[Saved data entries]
——————

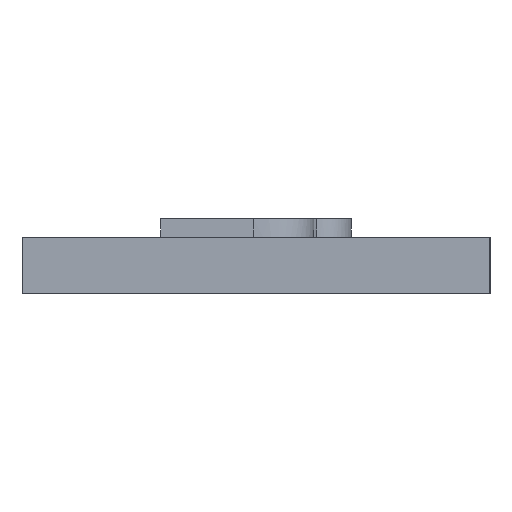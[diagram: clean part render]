
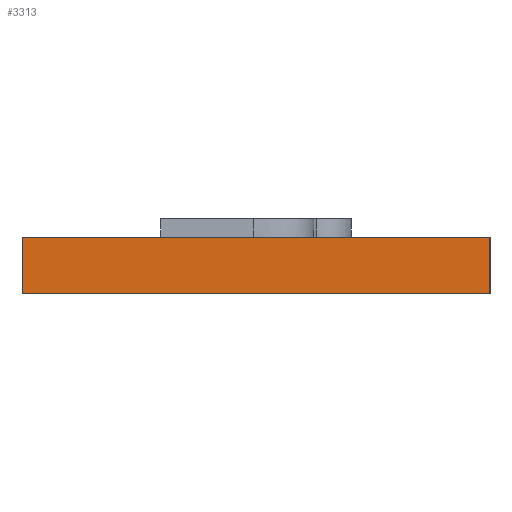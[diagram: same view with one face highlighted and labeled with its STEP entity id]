
A CAD part, left-side view. The second image highlights one B-rep face of the part: STEP entity #3313.
In plain terms, the highlighted planar face has unit normal (-1, 0, 0).
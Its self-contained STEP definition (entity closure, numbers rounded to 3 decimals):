
#133=PLANE('',#3443);
#310=FACE_OUTER_BOUND('',#503,.T.);
#503=EDGE_LOOP('',(#3051,#3052,#3053,#3054));
#835=LINE('',#5986,#1172);
#839=LINE('',#5995,#1176);
#840=LINE('',#5998,#1177);
#841=LINE('',#5999,#1178);
#1172=VECTOR('',#3975,10.);
#1176=VECTOR('',#3985,10.);
#1177=VECTOR('',#3988,10.);
#1178=VECTOR('',#3989,10.);
#1634=VERTEX_POINT('',#5983);
#1635=VERTEX_POINT('',#5985);
#1636=VERTEX_POINT('',#5991);
#1638=VERTEX_POINT('',#5997);
#2107=EDGE_CURVE('',#1634,#1635,#835,.T.);
#2111=EDGE_CURVE('',#1636,#1635,#839,.T.);
#2112=EDGE_CURVE('',#1638,#1636,#840,.T.);
#2113=EDGE_CURVE('',#1638,#1634,#841,.T.);
#3051=ORIENTED_EDGE('',*,*,#2112,.T.);
#3052=ORIENTED_EDGE('',*,*,#2111,.T.);
#3053=ORIENTED_EDGE('',*,*,#2107,.F.);
#3054=ORIENTED_EDGE('',*,*,#2113,.F.);
#3313=ADVANCED_FACE('',(#310),#133,.T.);
#3443=AXIS2_PLACEMENT_3D('',#5996,#3986,#3987);
#3975=DIRECTION('',(0.,-1.,0.));
#3985=DIRECTION('',(0.,0.,1.));
#3986=DIRECTION('center_axis',(-1.,0.,0.));
#3987=DIRECTION('ref_axis',(0.,-1.,0.));
#3988=DIRECTION('',(0.,-1.,0.));
#3989=DIRECTION('',(0.,0.,1.));
#5983=CARTESIAN_POINT('',(0.,25.,3.));
#5985=CARTESIAN_POINT('',(0.,0.,3.));
#5986=CARTESIAN_POINT('',(0.,25.,3.));
#5991=CARTESIAN_POINT('',(0.,0.,0.));
#5995=CARTESIAN_POINT('',(0.,0.,0.));
#5996=CARTESIAN_POINT('Origin',(0.,25.,0.));
#5997=CARTESIAN_POINT('',(0.,25.,0.));
#5998=CARTESIAN_POINT('',(0.,25.,0.));
#5999=CARTESIAN_POINT('',(0.,25.,0.));

——————

Your task: Copy out the records exactly; the pictures stay behind.

Response area:
[diagram: clean part render]
[diagram: same view with one face highlighted and labeled with its STEP entity id]
A CAD part, left-side view. The second image highlights one B-rep face of the part: STEP entity #3313.
In plain terms, the highlighted planar face has unit normal (-1, 0, 0).
Its self-contained STEP definition (entity closure, numbers rounded to 3 decimals):
#133=PLANE('',#3443);
#310=FACE_OUTER_BOUND('',#503,.T.);
#503=EDGE_LOOP('',(#3051,#3052,#3053,#3054));
#835=LINE('',#5986,#1172);
#839=LINE('',#5995,#1176);
#840=LINE('',#5998,#1177);
#841=LINE('',#5999,#1178);
#1172=VECTOR('',#3975,10.);
#1176=VECTOR('',#3985,10.);
#1177=VECTOR('',#3988,10.);
#1178=VECTOR('',#3989,10.);
#1634=VERTEX_POINT('',#5983);
#1635=VERTEX_POINT('',#5985);
#1636=VERTEX_POINT('',#5991);
#1638=VERTEX_POINT('',#5997);
#2107=EDGE_CURVE('',#1634,#1635,#835,.T.);
#2111=EDGE_CURVE('',#1636,#1635,#839,.T.);
#2112=EDGE_CURVE('',#1638,#1636,#840,.T.);
#2113=EDGE_CURVE('',#1638,#1634,#841,.T.);
#3051=ORIENTED_EDGE('',*,*,#2112,.T.);
#3052=ORIENTED_EDGE('',*,*,#2111,.T.);
#3053=ORIENTED_EDGE('',*,*,#2107,.F.);
#3054=ORIENTED_EDGE('',*,*,#2113,.F.);
#3313=ADVANCED_FACE('',(#310),#133,.T.);
#3443=AXIS2_PLACEMENT_3D('',#5996,#3986,#3987);
#3975=DIRECTION('',(0.,-1.,0.));
#3985=DIRECTION('',(0.,0.,1.));
#3986=DIRECTION('center_axis',(-1.,0.,0.));
#3987=DIRECTION('ref_axis',(0.,-1.,0.));
#3988=DIRECTION('',(0.,-1.,0.));
#3989=DIRECTION('',(0.,0.,1.));
#5983=CARTESIAN_POINT('',(0.,25.,3.));
#5985=CARTESIAN_POINT('',(0.,0.,3.));
#5986=CARTESIAN_POINT('',(0.,25.,3.));
#5991=CARTESIAN_POINT('',(0.,0.,0.));
#5995=CARTESIAN_POINT('',(0.,0.,0.));
#5996=CARTESIAN_POINT('Origin',(0.,25.,0.));
#5997=CARTESIAN_POINT('',(0.,25.,0.));
#5998=CARTESIAN_POINT('',(0.,25.,0.));
#5999=CARTESIAN_POINT('',(0.,25.,0.));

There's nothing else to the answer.